I'm all for providing the tools people need to do the job, but I recognize that a craftsman has a variety of tools in his toolbox. Sometimes I think our politicians and moldy oldies (stockholders invested in the new hoo-haa, no doubt) are pulling all of the proven old tools out of the box and just replacing them with a low-bid foreign-made multitool.

 

[poltergeisty]

Security Researchers Crack APCO P25 Encryption - Slashdot

 

[INDY72]

Which is why AES is what smart users use... http://en.wikipedia.org/wiki/Advanced_Encryption_Standard http://www.twoway.net/sites/default/files/documents/p25_encryption_and_interoperability.pdf AES II or better if possible.

From an above article: "DES is now considered to be insecure for many appli
cations. In recent years, the cipher has been super
seded by
the Advanced Encryption Standard (AES). Furthermore
, DES has been withdrawn as a standard by the Natio
nal
Institute of Standards and Technology (formerly the
National Bureau of Standards). "

 

[poltergeisty]

I know about AES, just wanted to point out that with time comes defeat. :twisted:

 

[902]

When there was this big push to go from DES-OFB to AES a few years ago, some folks were saying that DES-OFB was actually a stronger algorithm and had suspicions that AES might be back-doored. I didn't believe it then, but these days I'm not so sure. Either way, it's beyond my means to figure out. Most of what we could possibly listen to is very time sensitive. It loses its relevancy after a while and as time goes even further only has historical and genealogical significance.

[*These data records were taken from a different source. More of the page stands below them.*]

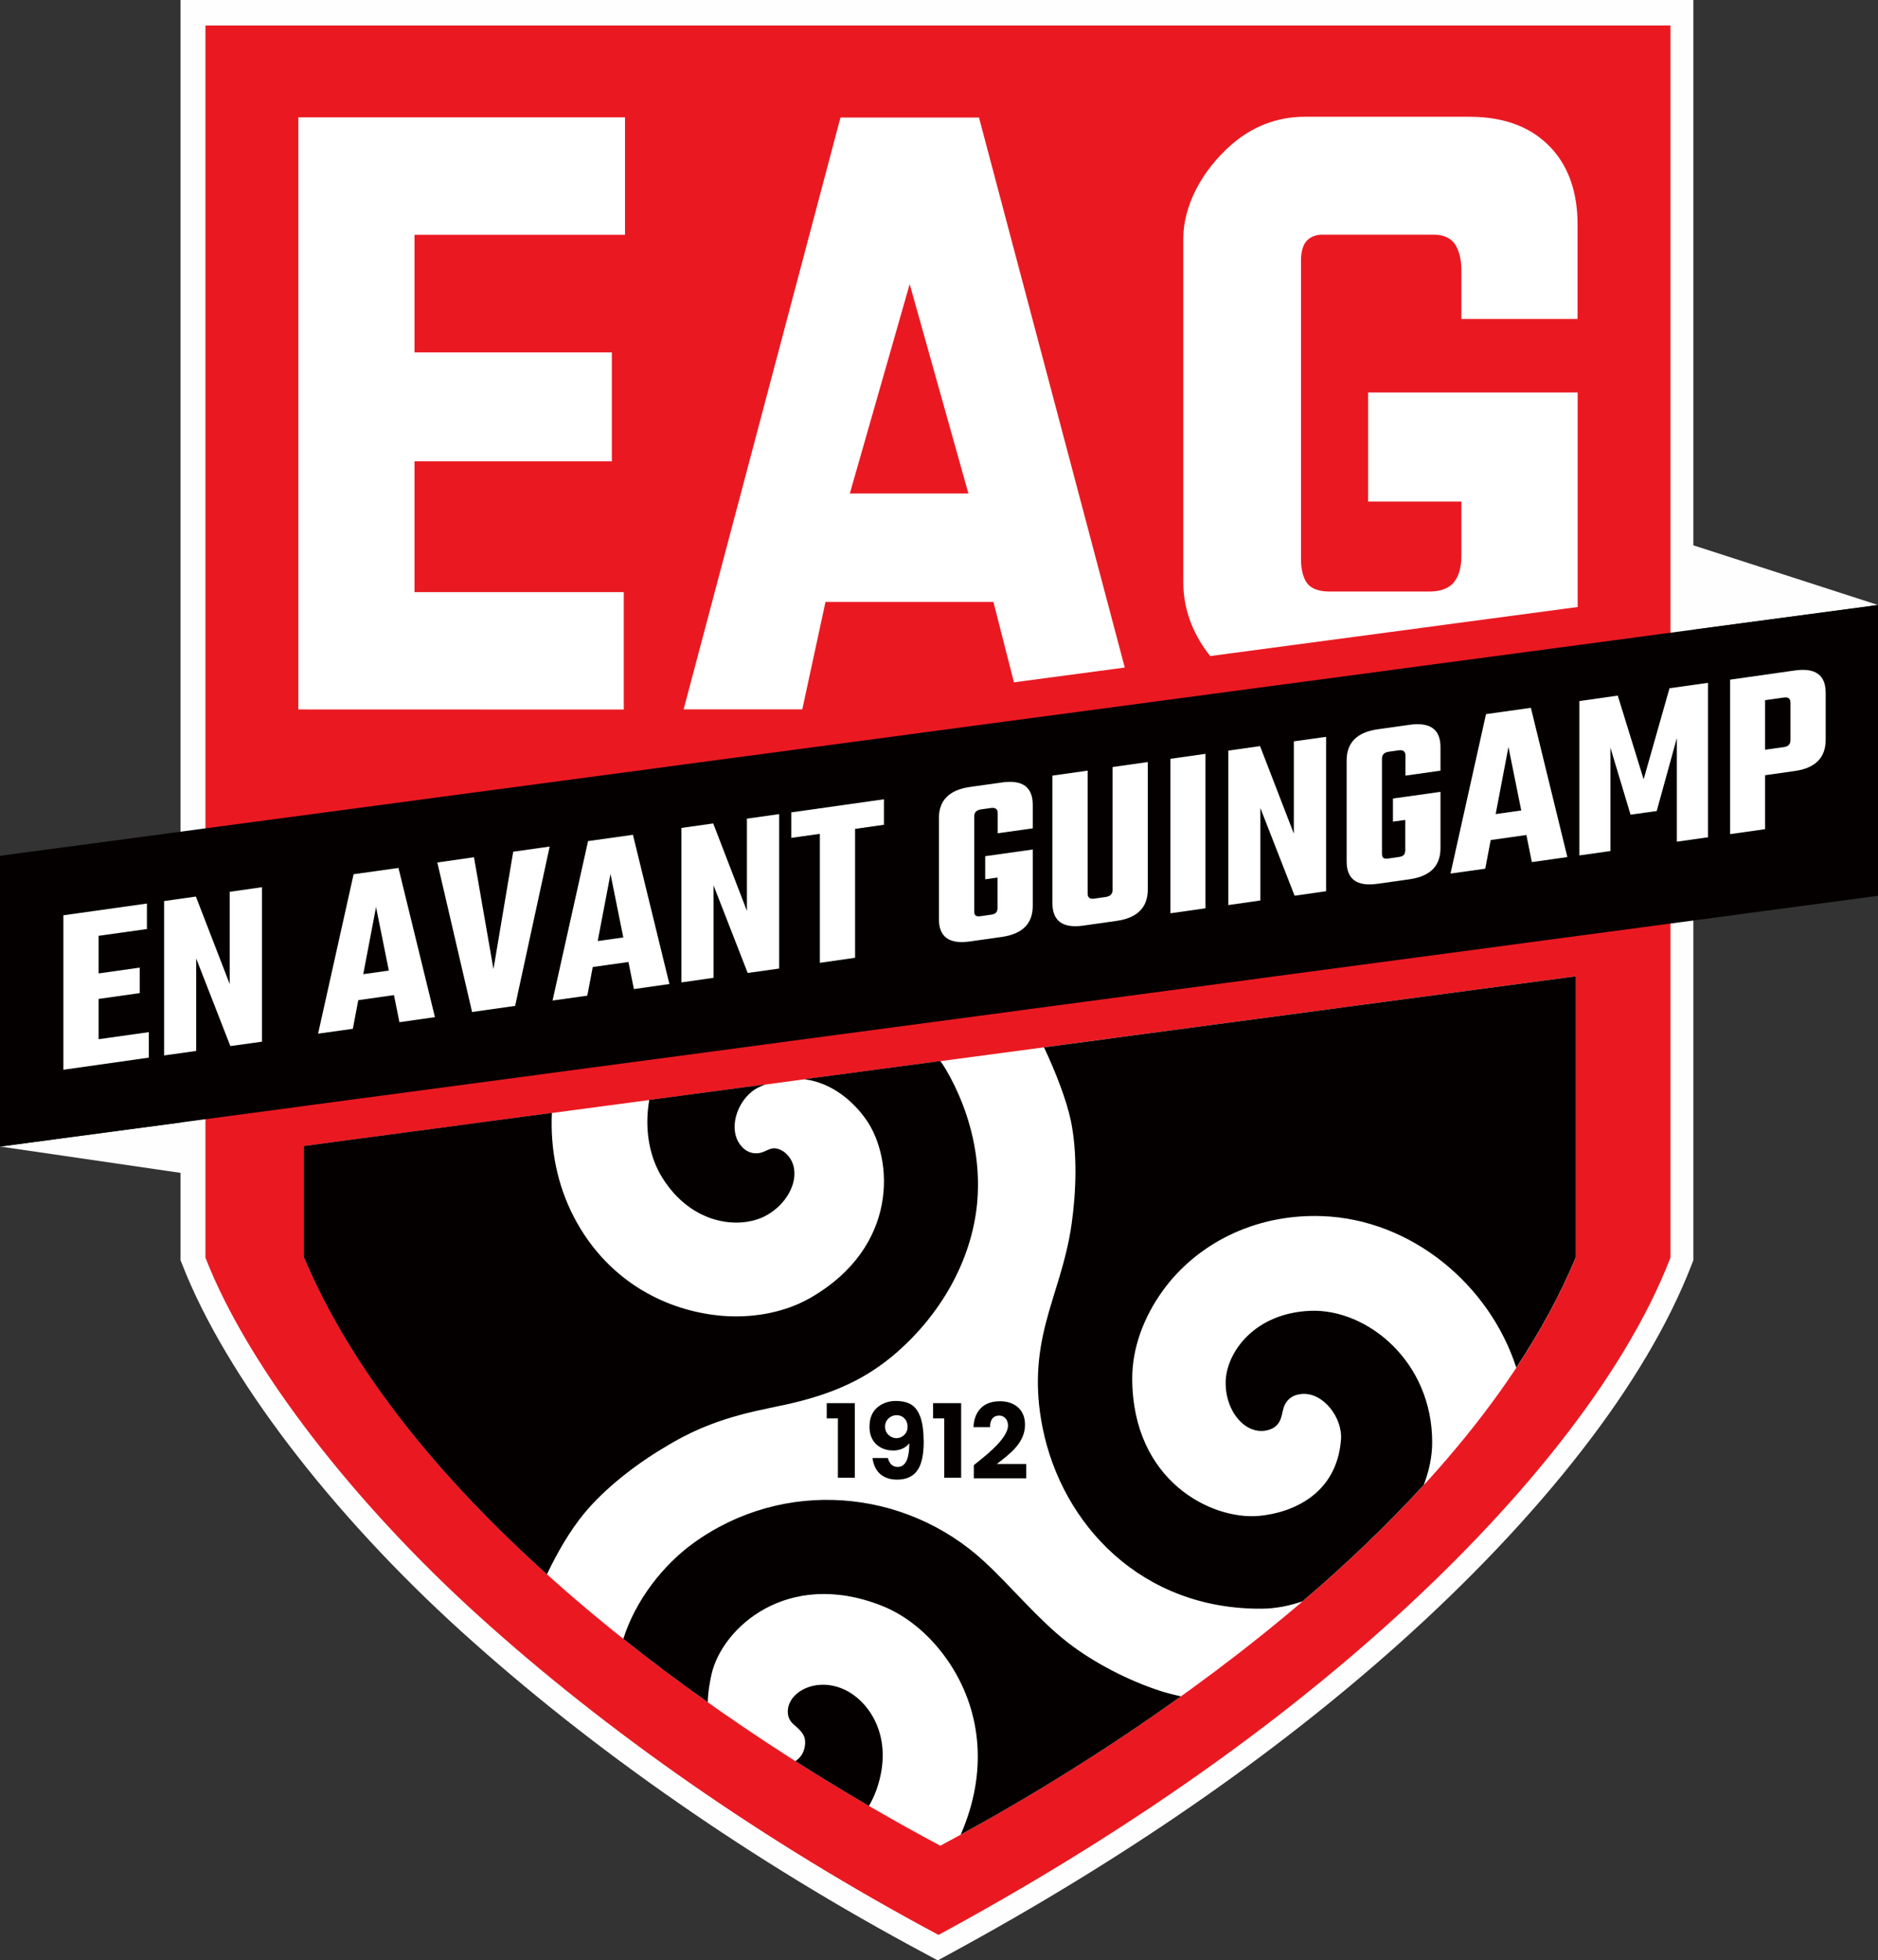<?xml version="1.0" encoding="UTF-8"?>
<!DOCTYPE svg PUBLIC "-//W3C//DTD SVG 1.1//EN" "http://www.w3.org/Graphics/SVG/1.1/DTD/svg11.dtd">
<!-- Creator: CorelDRAW X6 -->
<svg xmlns="http://www.w3.org/2000/svg" xml:space="preserve" width="196.723mm" height="205.333mm" version="1.1" style="shape-rendering:geometricPrecision; text-rendering:geometricPrecision; image-rendering:optimizeQuality; fill-rule:evenodd; clip-rule:evenodd"
viewBox="0 0 19672 20533"
 xmlns:xlink="http://www.w3.org/1999/xlink">
 <rect x="0" y="0" width="19672" height="20533" fill="#333333" stroke="none"/>
 <defs>
  <style type="text/css">
   <![CDATA[
    .fil3 {fill:#050000}
    .fil1 {fill:#EA1921}
    .fil2 {fill:white}
    .fil0 {fill:#FEFEFE;fill-rule:nonzero}
    .fil5 {fill:#050000;fill-rule:nonzero}
    .fil4 {fill:white;fill-rule:nonzero}
   ]]>
  </style>
 </defs>
 <g id="Слой_x0020_1">
  <g id="_255809088">
   <path class="fil0" d="M2142 0l15346 0 250 0 0 250 0 5462 1934 625 -1937 259 3 3279 0 3281 0 44 -18 46c-244,632 -641,1290 -1147,1942 -537,693 -1197,1383 -1923,2032 -647,578 -1369,1146 -2168,1697 -777,536 -1624,1055 -2542,1553l-117 64 -119 -64c-921,-492 -1794,-1026 -2604,-1589 -823,-571 -1585,-1174 -2270,-1795 -668,-605 -1292,-1278 -1803,-1949 -494,-649 -887,-1300 -1118,-1892l-18 -45 0 -45 0 -870 -1892 -276 1892 -251 0 -3318 0 -8192 0 -250 250 0z"/>
   <g>
    <path class="fil1" d="M2152 267l15346 0 0 12906c-487,1263 -1624,2646 -3004,3879 -1256,1123 -2804,2207 -4663,3215 -1835,-981 -3482,-2132 -4824,-3348 -1281,-1161 -2402,-2582 -2855,-3746l0 -12906z"/>
    <path class="fil2" d="M9849 19333c2406,-1282 5583,-3563 6659,-6166l0 -2941 -13325 1779 0 1160c576,1373 1709,2640 3011,3728 1167,975 2467,1806 3656,2440z"/>
    <path class="fil3" d="M10063 19217c733,-401 1528,-890 2307,-1449 -77,-17 -152,-36 -223,-59 -324,-106 -686,-290 -960,-503 -315,-244 -583,-578 -877,-850 -836,-771 -2106,-872 -3045,-194 -321,232 -607,599 -736,1004 289,230 585,452 885,664 2,-102 19,-203 40,-296 111,-482 789,-1102 1775,-718 293,114 548,342 732,627 316,493 386,1118 106,1765 -1,3 -2,5 -3,8zm3581 -2444c451,-385 880,-793 1270,-1219 56,-148 88,-298 88,-445 2,-847 -680,-1402 -1275,-1379 -589,23 -881,438 -888,741 -8,323 226,587 466,501 59,-21 93,-63 111,-112 18,-51 21,-104 44,-149 30,-58 85,-103 175,-110 230,-20 429,254 412,476 -43,576 -512,769 -859,801 -496,45 -1324,-364 -1328,-1437 -1,-319 119,-644 321,-923 348,-481 952,-805 1666,-780 941,33 1757,722 2036,1587 249,-377 461,-764 624,-1158l0 -2941 -5571 744c120,255 235,549 281,768 69,334 57,739 8,1083 -56,398 -190,721 -273,1049 -83,329 -115,663 -31,1084 204,1017 1039,1908 2301,1896 138,-1 281,-29 422,-77zm-3794 -5659l-1426 190c291,36 517,234 650,425 285,408 345,1330 -585,1865 -276,159 -629,221 -971,184 -590,-64 -1171,-391 -1503,-1024 -179,-341 -252,-721 -234,-1097l-2599 347 0 1160c506,1207 1443,2332 2547,3326 112,-235 242,-457 387,-634 213,-260 534,-510 828,-686 133,-80 375,-230 791,-345 236,-65 439,-95 648,-149 347,-91 682,-224 1008,-508 452,-394 784,-950 844,-1560 43,-445 -58,-944 -326,-1405 -18,-30 -37,-60 -58,-89zm-1825 244l-1224 163c-52,296 -3,591 136,814 312,500 817,543 1084,399 285,-153 398,-493 204,-659 -32,-28 -74,-44 -105,-47 -68,-5 -113,49 -189,52 -65,3 -131,-23 -183,-97 -131,-190 -2,-498 199,-594 26,-12 51,-23 77,-33zm307 7089c258,164 515,320 770,469 33,-56 60,-115 81,-175 191,-550 -85,-931 -345,-1047 -291,-130 -584,27 -586,233 0,61 25,104 63,137 78,67 126,112 118,208 -8,85 -46,137 -101,175z"/>
    <polygon class="fil3" points="0,8964 19672,6337 19672,9383 0,12010 "/>
    <g>
     <polygon class="fil4" points="1033,10885 1559,10811 1559,11078 664,11205 664,9587 1539,9464 1539,9731 1033,9802 1033,10196 1464,10135 1464,10402 1033,10463 "/>
     <polygon class="fil4" points="2406,9341 2744,9293 2744,10911 2413,10957 2055,10039 2055,11008 1719,11055 1719,9438 2052,9391 2406,10307 "/>
     <path class="fil4" d="M4184 10707l-57 -284 -374 53 -57 300 -364 51 372 -1670 470 -66 382 1563 -372 53zm-379 -503l268 -38 -134 -665 -134 703z"/>
     <polygon class="fil4" points="5376,8921 5758,8867 5396,10536 4945,10600 4581,9034 4965,8979 5169,10151 "/>
     <path class="fil4" d="M6640 10360l-57 -284 -374 53 -57 300 -364 51 372 -1670 470 -66 382 1563 -372 53zm-379 -503l268 -38 -134 -665 -134 703z"/>
     <polygon class="fil4" points="7824,8575 8162,8527 8162,10145 7832,10191 7474,9273 7474,10242 7138,10290 7138,8672 7471,8625 7824,9541 "/>
     <polygon class="fil4" points="9259,8372 9259,8639 8957,8682 8957,10032 8588,10085 8588,8734 8289,8776 8289,8509 "/>
     <path class="fil4" d="M10820 8676l-369 52 0 -211c0,-42 -23,-60 -70,-54l-106 15c-46,7 -70,31 -70,73l0 992c0,24 5,40 15,47 10,8 28,10 54,6l106 -15c26,-4 44,-11 54,-22 10,-11 15,-28 15,-52l0 -315 -129 18 0 -242 498 -70 0 590c0,187 -108,295 -325,326l-333 47c-217,31 -325,-47 -325,-234l0 -1058c0,-186 108,-295 325,-326l333 -47c217,-31 325,47 325,234l0 244z"/>
     <path class="fil4" d="M11654 8034l369 -52 0 1335c0,188 -109,298 -328,329l-346 49c-217,31 -325,-48 -325,-236l0 -1335 369 -52 0 1287c0,42 22,60 67,54l124 -18c46,-7 70,-31 70,-73l0 -1287z"/>
     <polygon class="fil4" points="12260,7948 12627,7896 12627,9514 12260,9566 "/>
     <polygon class="fil4" points="13553,7765 13891,7718 13891,9335 13561,9382 13202,8463 13202,9432 12867,9480 12867,7862 13199,7815 13553,8732 "/>
     <path class="fil4" d="M15091 8072l-369 52 0 -211c0,-42 -23,-60 -70,-54l-106 15c-46,7 -70,31 -70,73l0 992c0,24 5,40 15,47 10,8 28,10 54,6l106 -15c26,-4 44,-11 54,-22 10,-11 15,-28 15,-52l0 -315 -129 18 0 -242 498 -70 0 590c0,187 -108,295 -325,326l-333 47c-217,31 -325,-47 -325,-234l0 -1058c0,-186 108,-295 325,-326l333 -47c217,-31 325,47 325,234l0 244z"/>
     <path class="fil4" d="M16046 9030l-57 -284 -374 53 -57 300 -364 51 372 -1670 470 -66 382 1563 -372 53zm-379 -503l268 -38 -134 -665 -134 703z"/>
     <polygon class="fil4" points="16869,8914 16544,8960 16544,7343 16946,7286 17217,8163 17488,7209 17891,7152 17891,8770 17565,8816 17565,7730 17354,8495 17080,8533 16869,7831 "/>
     <path class="fil4" d="M18123 7119l676 -96c217,-31 325,47 325,234l0 491c0,188 -108,298 -325,328l-310 44 0 565 -366 52 0 -1617zm632 633l0 -392c0,-42 -22,-60 -67,-54l-199 28 0 519 199 -28c45,-6 67,-31 67,-73z"/>
    </g>
    <g>
     <path class="fil5" d="M9675 15085c0,-79 -9,-167 -31,-234 -16,-45 -32,-76 -60,-107 -43,-47 -111,-70 -204,-70 -80,0 -153,31 -201,78 -48,47 -71,110 -71,195 0,159 110,246 249,246 43,0 116,-11 168,-75 0,131 -26,247 -121,247 -61,0 -90,-42 -103,-93l-162 0c25,181 151,226 256,226 242,0 281,-194 281,-412zm-168 -140c0,74 -60,119 -117,119 -57,0 -119,-46 -119,-120 0,-74 59,-121 122,-121 63,0 114,48 114,122z"/>
     <polygon class="fil5" points="9774,14697 9774,14857 9891,14857 9891,15478 10068,15478 10068,14697 "/>
     <polygon class="fil5" points="8660,14697 8660,14857 8777,14857 8777,15478 8954,15478 8954,14697 "/>
     <path class="fil5" d="M10468 14827c47,0 90,39 91,103 0,148 -276,349 -358,416l0 138 549 0 0 -150 -308 0c134,-104 295,-219 295,-412 0,-159 -112,-245 -262,-245 -229,0 -274,173 -278,271l174 0c-1,-69 26,-121 98,-121z"/>
    </g>
    <g>
     <polygon class="fil2" points="3125,1229 6547,1229 6547,2459 4342,2459 4342,3691 6409,3691 6409,4832 4342,4832 4342,6202 6534,6202 6534,7432 3125,7431 "/>
     <path class="fil2" d="M13664 1223l1727 0c389,0 677,121 877,349 166,189 257,451 257,778l0 991 -1217 0 0 -511c0,-105 -22,-220 -82,-291 -47,-56 -123,-81 -204,-81l-1180 0c-50,0 -119,21 -160,71 -41,50 -54,128 -54,199l0 3136c0,115 31,215 79,262 61,60 149,70 232,70l1028 0c85,0 179,-15 244,-77 61,-58 97,-160 97,-293l0 -573 -977 0 0 -1142 2195 0 0 2247 -3849 514c-160,-201 -282,-460 -282,-774l0 -3599c0,-345 195,-714 507,-986 207,-180 467,-290 762,-290z"/>
     <path class="fil2" d="M7162 7430l1242 0 243 -1125 1759 0 215 842 1161 -155 -1527 -5761 -1451 0 -1643 6199zm1740 -2261l627 -2193 615 2193 -1242 0z"/>
    </g>
   </g>
  </g>
 </g>
</svg>

As far as cracking P25, there's nothing to crack. It's an ANSI standard. They'd have to "crack" the embedded encryption in either DES-OFB or AES in order to have backslaps for all. ANY RF system can be spoofed. If you put it out there, from the very simple to the very complex, someone can/will spoof it.

 

[Forts]

If someone was to try and brute force an AES key using todays available general purpose PC's, we will all be long dead before it finds the key. The 256 bit keyspace is ENORMOUS. Does the NSA have a way in? Likely, but Joe scanner listener sure won't.

 

[mikewazowski]

I know about AES, just wanted to point out that with time comes defeat. :twisted:

With time comes new encryption methods.

 

[balibago]

ADP should be broken

Look a lot of these agencies have gone to that cheap ADP. It's been broken already by some security researchers in Australia. We know more about ADP than the British knew about the Enigma machine For the life of me I can't figure out why someone hasn't posted an adp for dummies cracking guide on the net. And believe me Motorola solutions ain't no solution they are a problem for freedom loving Americans.

 

[Forts]

Why hasn't it been posted on the net if it's been hacked you ask? Well, for one it's a federal offense. Two, it's obviously not an easy task, 40 bit keyspace or not. And three... If your local agencies were using ADP and you were suddenly able to listen in again why in the world would you announce it on the internet? Boom... Next thing you know they are running AES and you have someone with a shiny badge standing at door.

 

[poltergeisty]

You can publish a how to on TPB.

 

[szron]

It's illegal and possible

Search YT, some guys did a presentation on flaws of radio encryption. Apparently you can sniff out the keys somehow.

 

[balibago]

hey knowledgei is Power and I want all I can get.

 

[Forts]

You can't sniff out the keys, they aren't transmitted. What is transmitted is the algorithm being used and the key identifier (KID). That's it, that's all.